「進次郎首相」は「純一郎首相」になれるか
自民党総裁選の結果は本稿執筆時点では定まっていない。しかし、小泉進次郎・元環境相が第28代自民党総裁、即ち第102代日本国総理大臣就任に向けて、一歩リードしている様相だ。

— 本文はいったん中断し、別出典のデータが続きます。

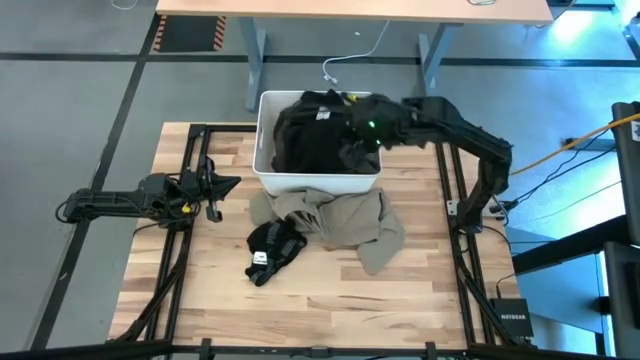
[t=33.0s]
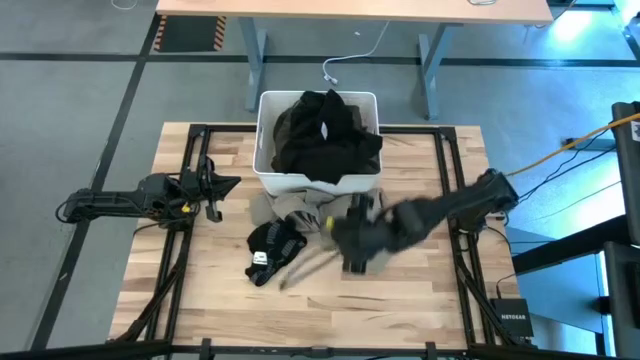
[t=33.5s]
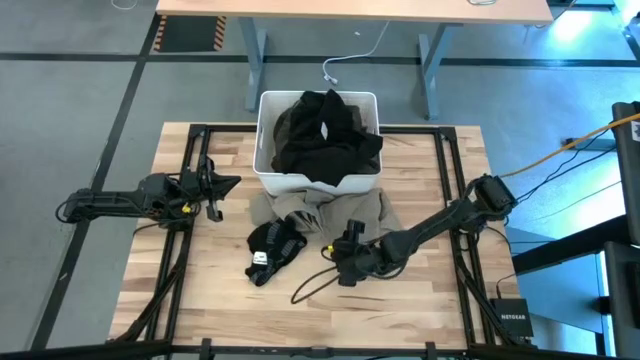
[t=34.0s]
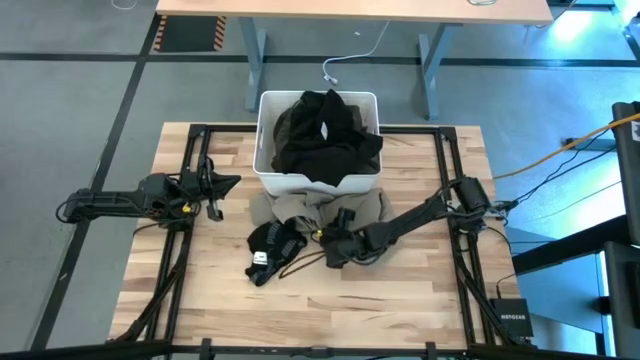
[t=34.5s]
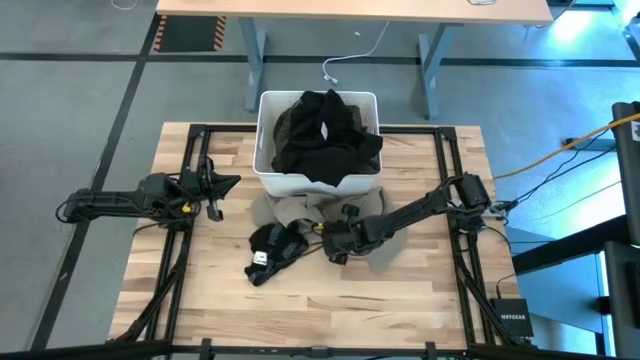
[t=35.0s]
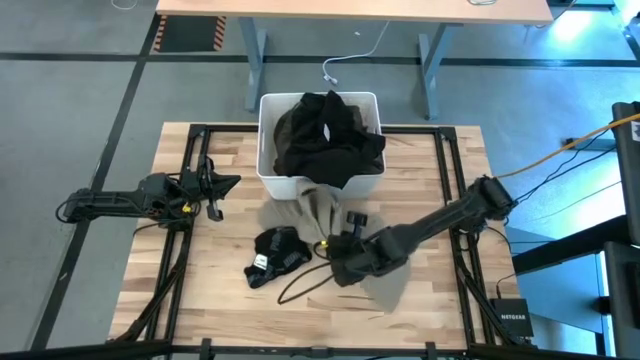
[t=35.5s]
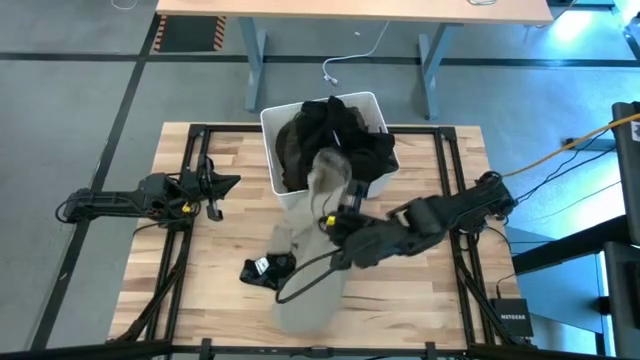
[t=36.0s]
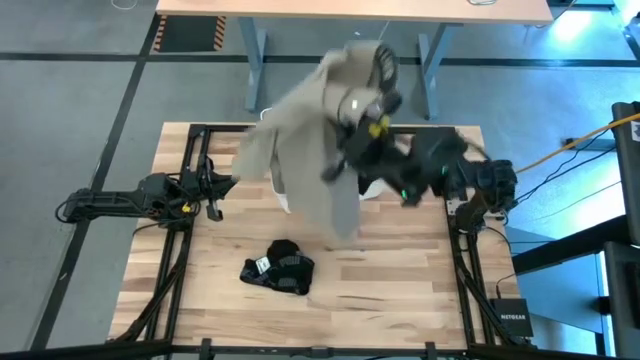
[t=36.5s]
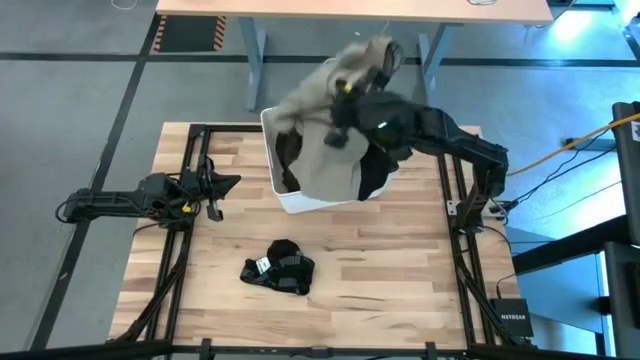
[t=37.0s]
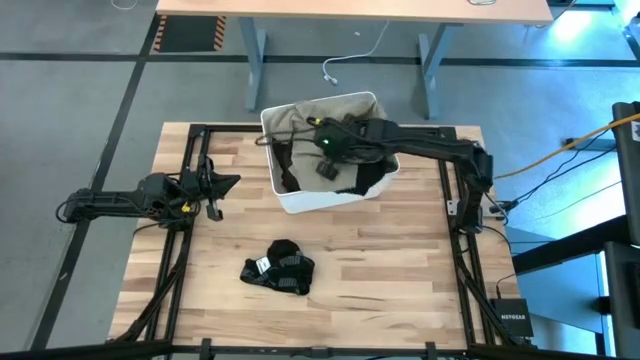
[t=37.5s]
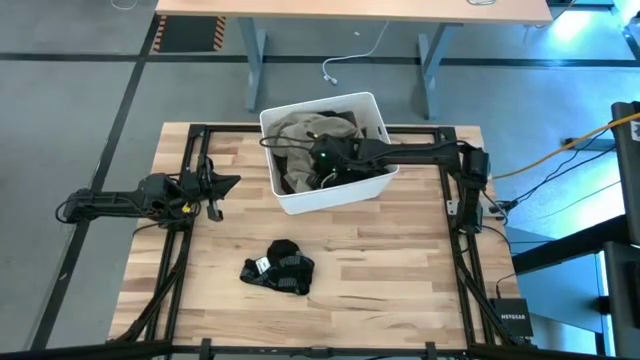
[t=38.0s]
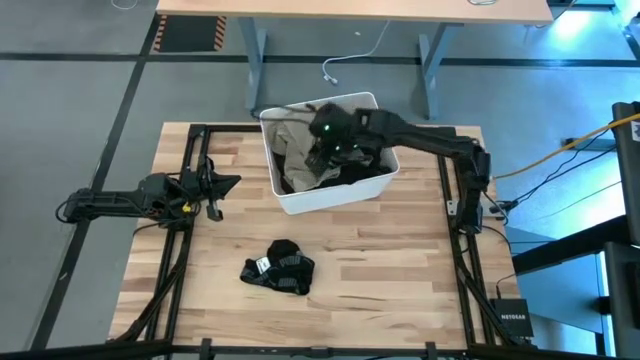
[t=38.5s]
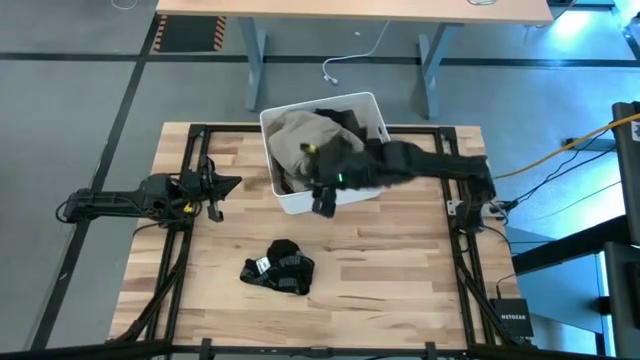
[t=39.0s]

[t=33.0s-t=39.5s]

小泉氏が9月6日に行った総裁選出馬表明の記者会見は鮮烈だった。派閥の裏金事件が批判を浴びる中でも、自民党が手放さなかった政策活動費を廃止する▽先の国会で自民党が日本維新の会と合意しながら実現していない、調査研究広報滞在費(旧文書通信交通滞在費)の使途公開と残金返納を義務付ける▽選択的夫婦別姓を認める法案を国会に提出する||。小泉氏はこれらを「1年以内に実現する改革」と位置付け、「長年議論ばかりを続け、答えを出していない課題に決着を付けたい」と打ち上げた。
平成の「小泉旋風」を令和に再び?
もし仮に岸田文雄・首相がこれらの改革を実行していたら、内閣支持率が地を這う事は無く、総裁選不出馬に追い込まれる事も無かっただろう。岸田首相に政治改革が実行出来なかったのは、総裁再選を目指し、裏金事件に拘わった安倍派等の議員から支持を得たいと考えたからだ。岸田首相本人は元来賛成だった選択的夫婦別姓の導入に後ろ向きの対応を続けたのも、安倍派等の党内保守系議員への配慮からだ。全ては総裁再選を果たし、安倍晋三・元首相に続く長期政権を手にする為だった。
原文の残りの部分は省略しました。